• Dataset items
──────
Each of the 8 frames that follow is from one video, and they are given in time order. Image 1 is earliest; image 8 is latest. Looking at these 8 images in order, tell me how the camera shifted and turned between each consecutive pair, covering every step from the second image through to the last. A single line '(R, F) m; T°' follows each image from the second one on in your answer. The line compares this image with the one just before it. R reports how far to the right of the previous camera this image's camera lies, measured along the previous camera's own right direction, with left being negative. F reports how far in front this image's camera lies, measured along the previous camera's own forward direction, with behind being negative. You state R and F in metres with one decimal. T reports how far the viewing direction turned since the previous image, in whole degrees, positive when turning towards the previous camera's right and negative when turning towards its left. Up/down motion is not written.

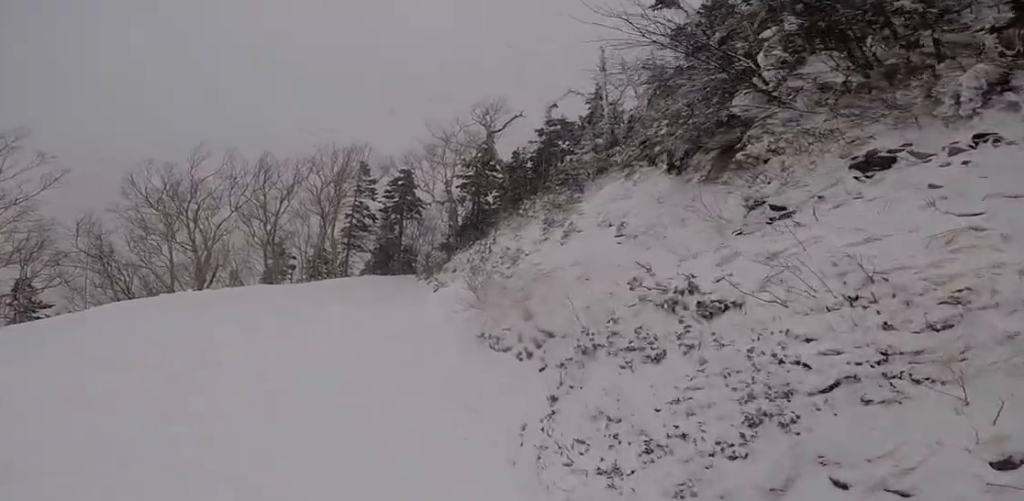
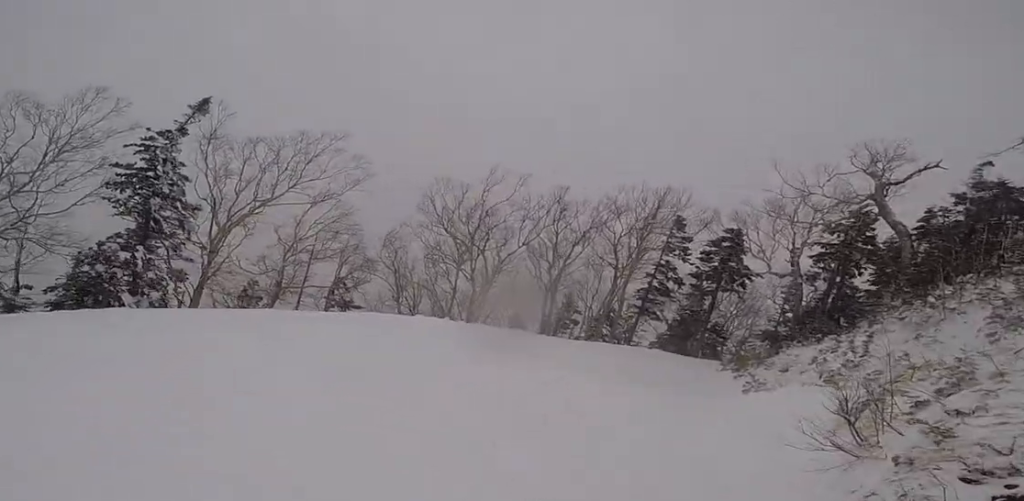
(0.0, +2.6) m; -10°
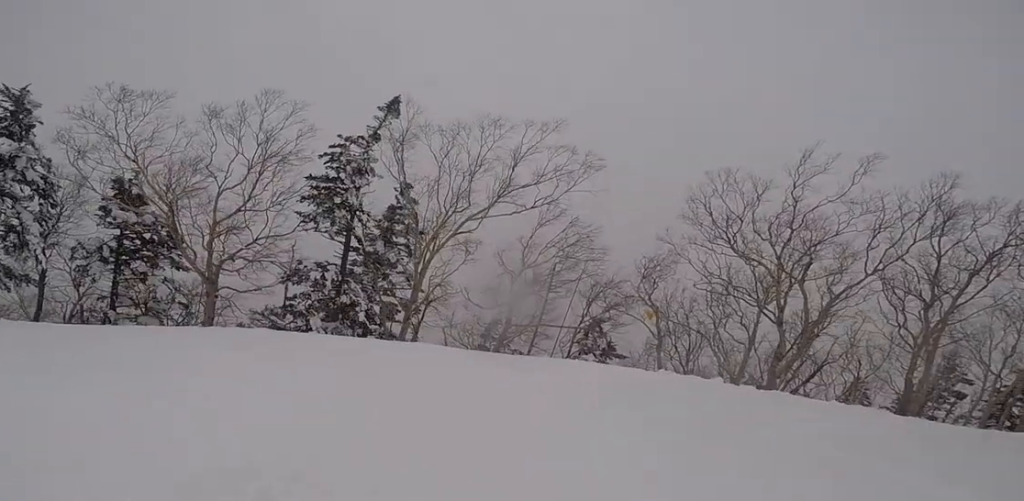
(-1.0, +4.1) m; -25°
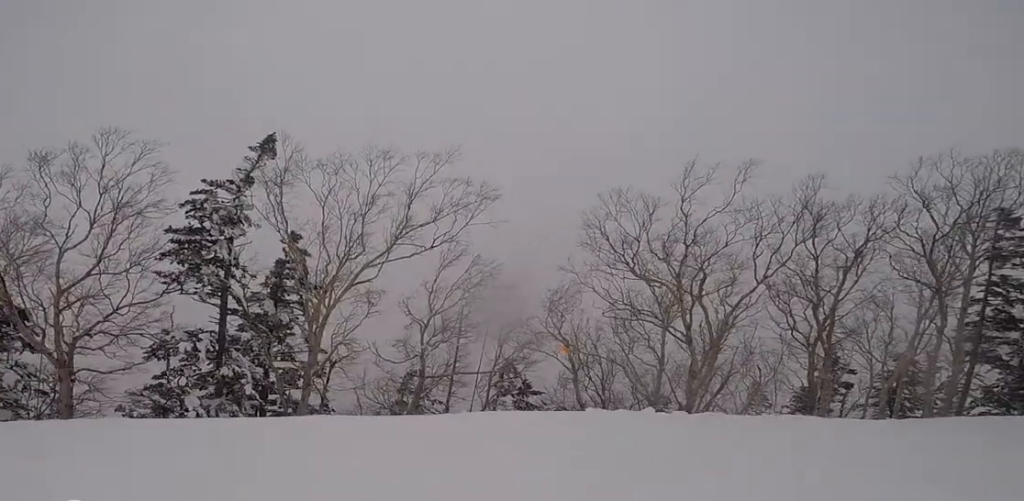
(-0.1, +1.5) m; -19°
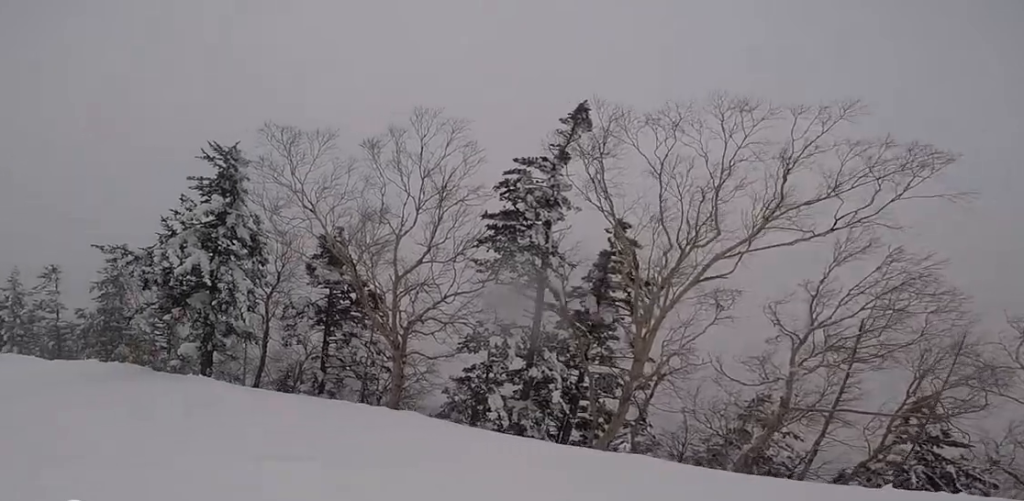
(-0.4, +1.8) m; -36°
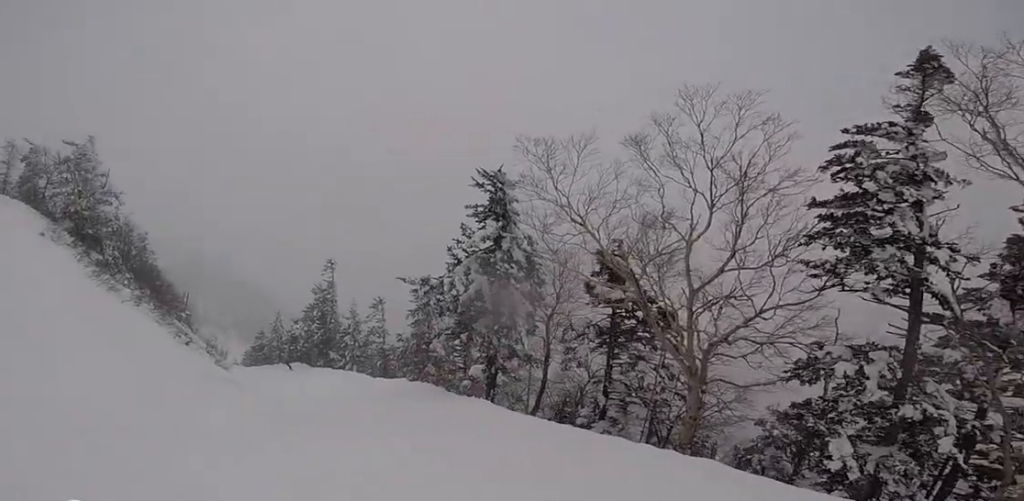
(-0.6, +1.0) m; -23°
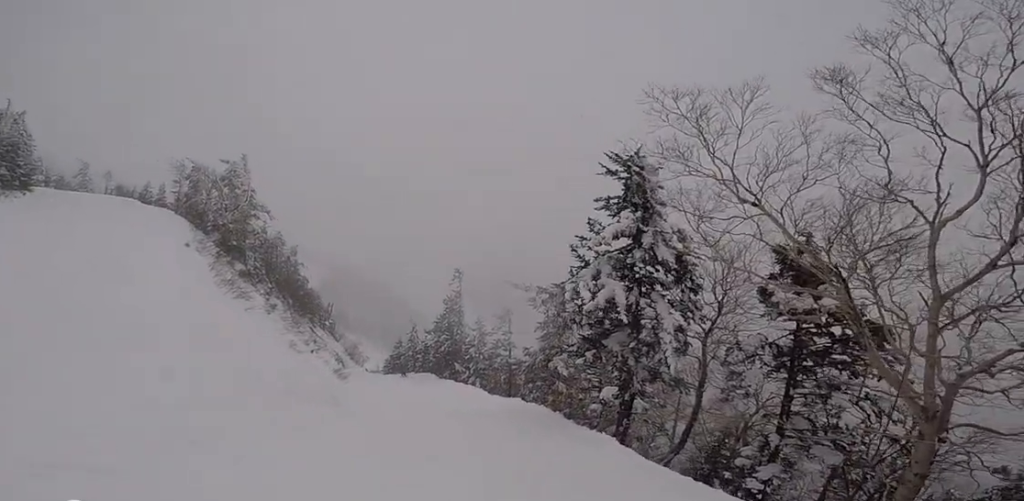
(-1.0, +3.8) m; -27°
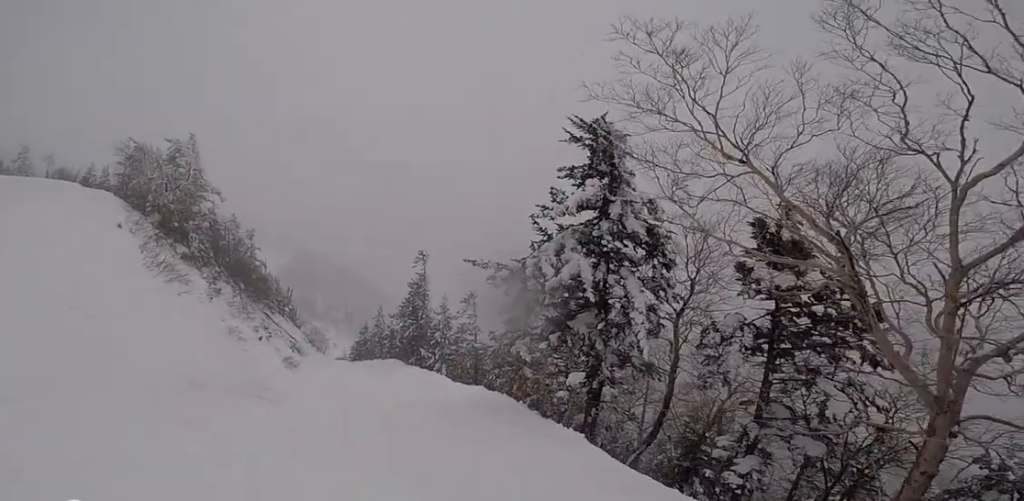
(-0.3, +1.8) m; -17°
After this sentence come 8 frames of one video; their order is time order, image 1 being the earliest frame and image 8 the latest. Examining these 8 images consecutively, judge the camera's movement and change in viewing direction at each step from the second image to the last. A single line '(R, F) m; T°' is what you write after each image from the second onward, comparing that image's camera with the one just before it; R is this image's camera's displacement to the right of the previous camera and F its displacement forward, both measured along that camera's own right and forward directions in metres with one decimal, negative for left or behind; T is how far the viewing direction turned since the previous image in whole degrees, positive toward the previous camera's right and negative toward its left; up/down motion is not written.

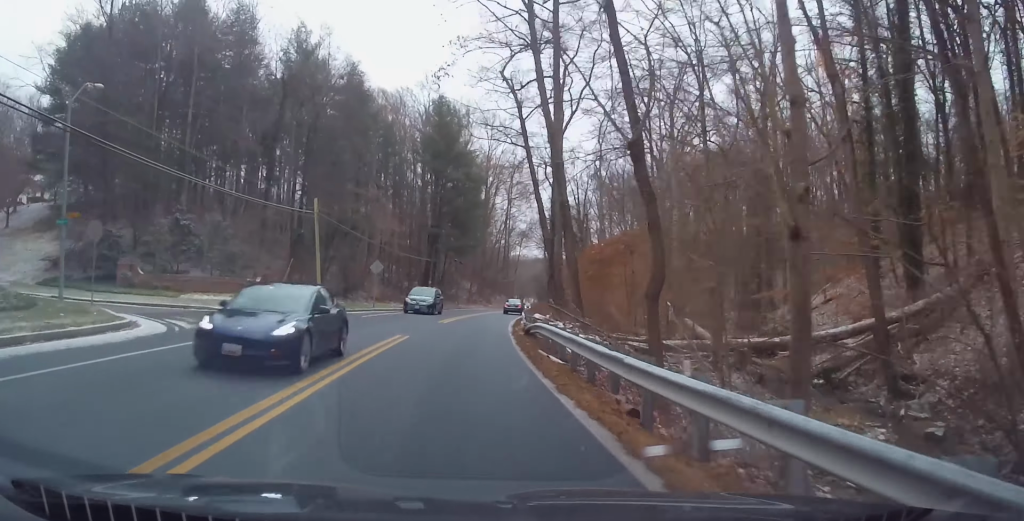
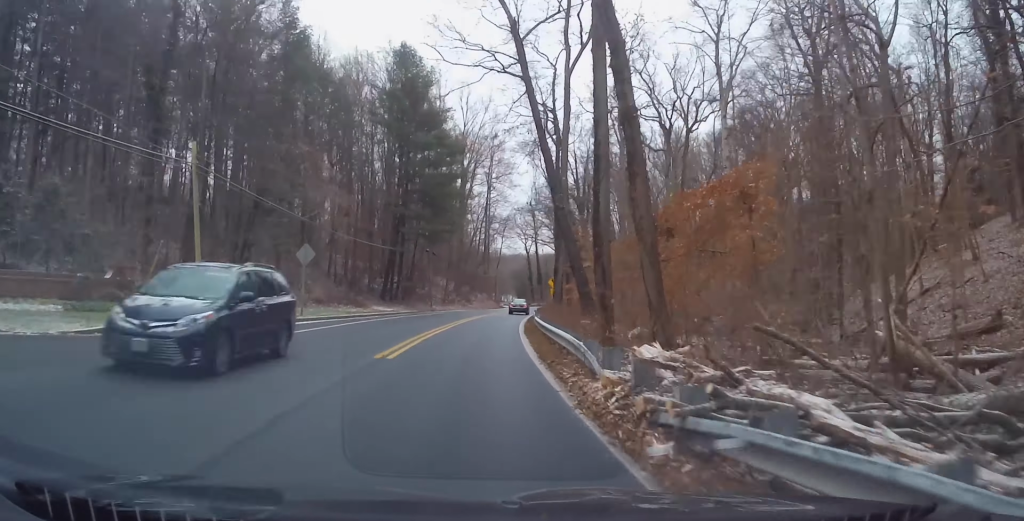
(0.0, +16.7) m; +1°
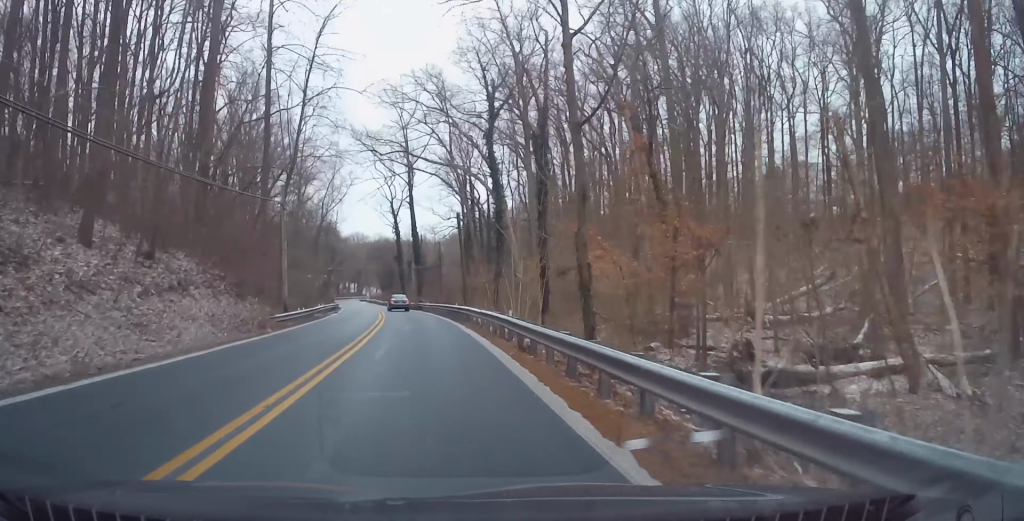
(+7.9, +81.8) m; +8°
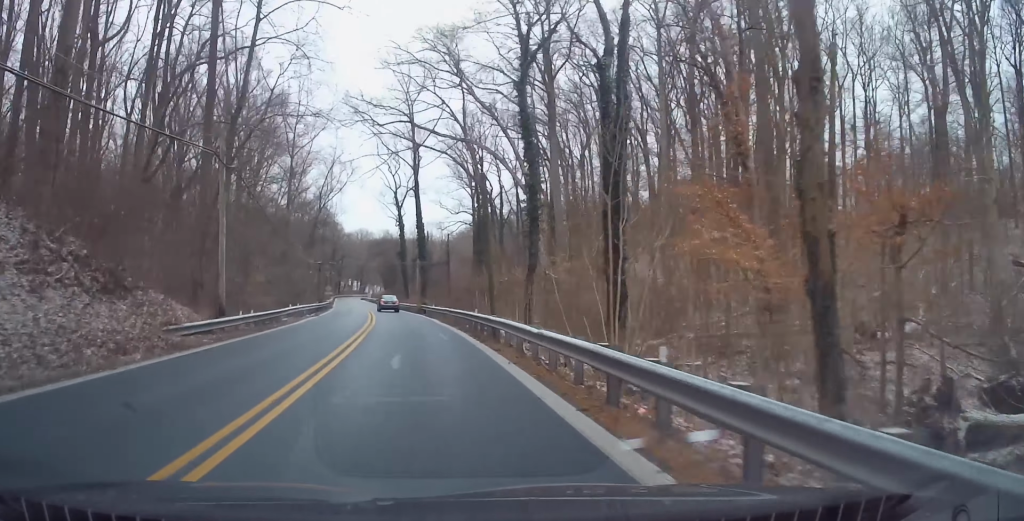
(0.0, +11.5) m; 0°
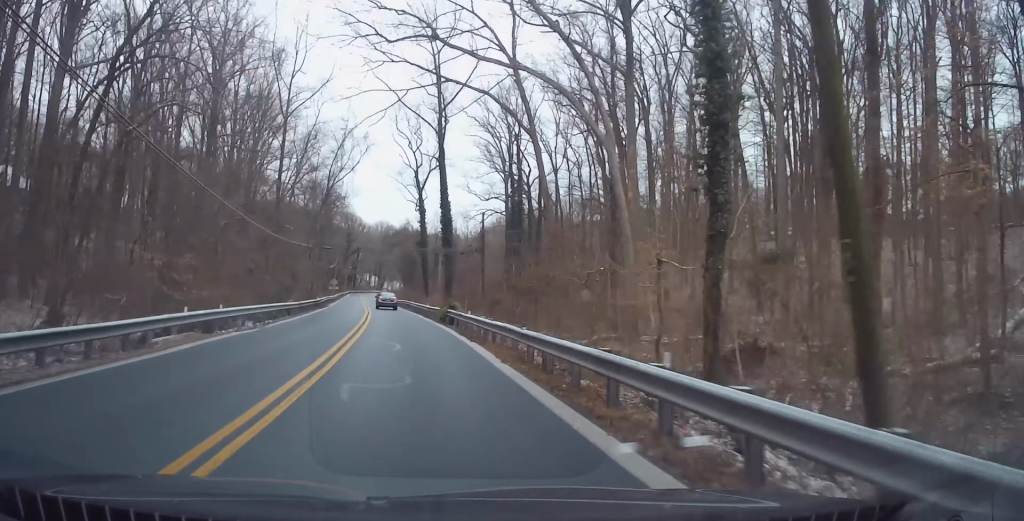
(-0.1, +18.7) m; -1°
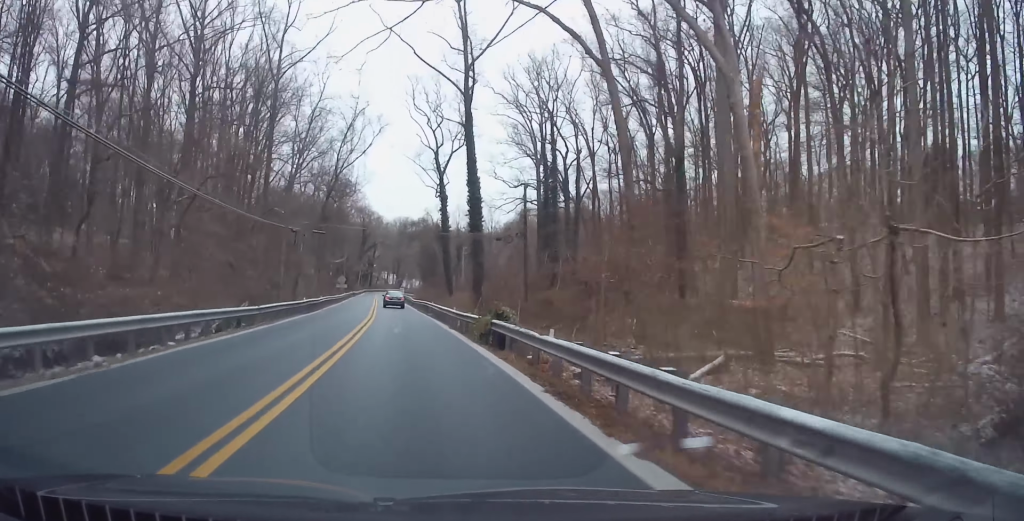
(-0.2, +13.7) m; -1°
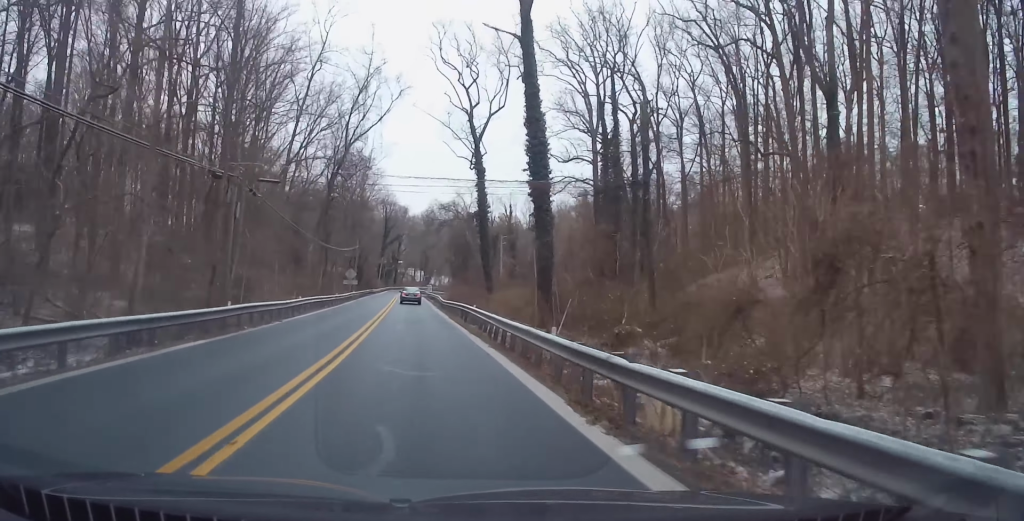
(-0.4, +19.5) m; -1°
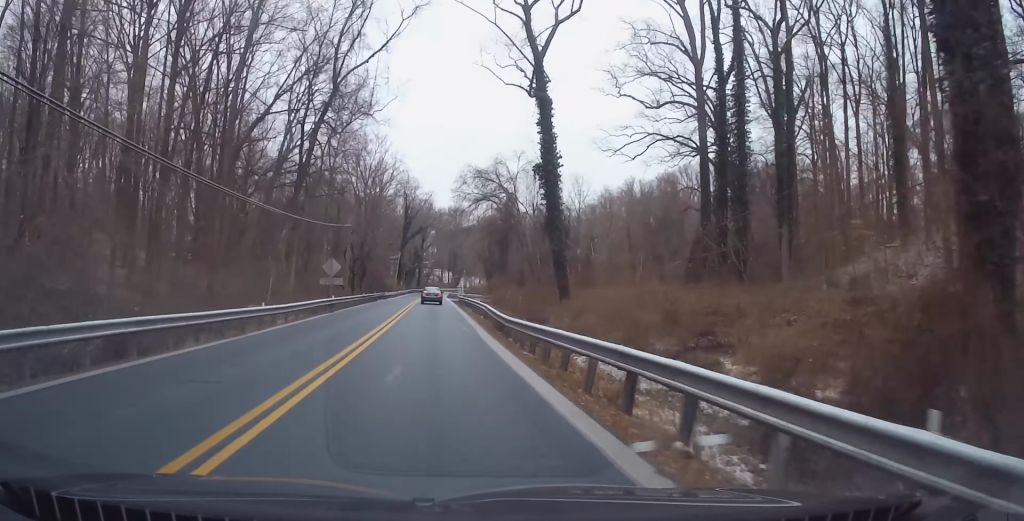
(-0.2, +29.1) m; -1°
──────
• THE TASK
With the images omitted, repeat all the data word for word.

• REPLY TO THE EXERCISE
Each of the 8 frames that follow is from one video, and they are given in time order. Image 1 is earliest; image 8 is latest. Looking at these 8 images in order, tell me how the camera shifted and turned between each consecutive pair, covering every step from the second image through to the last. A single line '(R, F) m; T°' follows each image from the second one on in your answer. The line compares this image with the one just before it. R reports how far to the right of the previous camera this image's camera lies, measured along the previous camera's own right direction, with left being negative. F reports how far in front this image's camera lies, measured along the previous camera's own forward direction, with behind being negative. You state R and F in metres with one decimal. T reports how far the viewing direction turned since the previous image, in whole degrees, positive when turning towards the previous camera's right and negative when turning towards its left. Up/down motion is not written.

(0.0, +2.6) m; -10°
(-1.0, +4.1) m; -25°
(-0.1, +1.5) m; -19°
(-0.4, +1.8) m; -36°
(-0.6, +1.0) m; -23°
(-1.0, +3.8) m; -27°
(-0.3, +1.8) m; -17°
After this sentence come 8 frames of one video; their order is time order, image 1 being the earliest frame and image 8 the latest. Examining these 8 images consecutively, judge the camera's movement and change in viewing direction at each step from the second image to the last. A single line '(R, F) m; T°' is what you write after each image from the second onward, comparing that image's camera with the one just before it; R is this image's camera's displacement to the right of the previous camera and F its displacement forward, both measured along that camera's own right and forward directions in metres with one decimal, negative for left or behind; T is how far the viewing direction turned since the previous image in whole degrees, positive toward the previous camera's right and negative toward its left; up/down motion is not written.

(0.0, +16.7) m; +1°
(+7.9, +81.8) m; +8°
(0.0, +11.5) m; 0°
(-0.1, +18.7) m; -1°
(-0.2, +13.7) m; -1°
(-0.4, +19.5) m; -1°
(-0.2, +29.1) m; -1°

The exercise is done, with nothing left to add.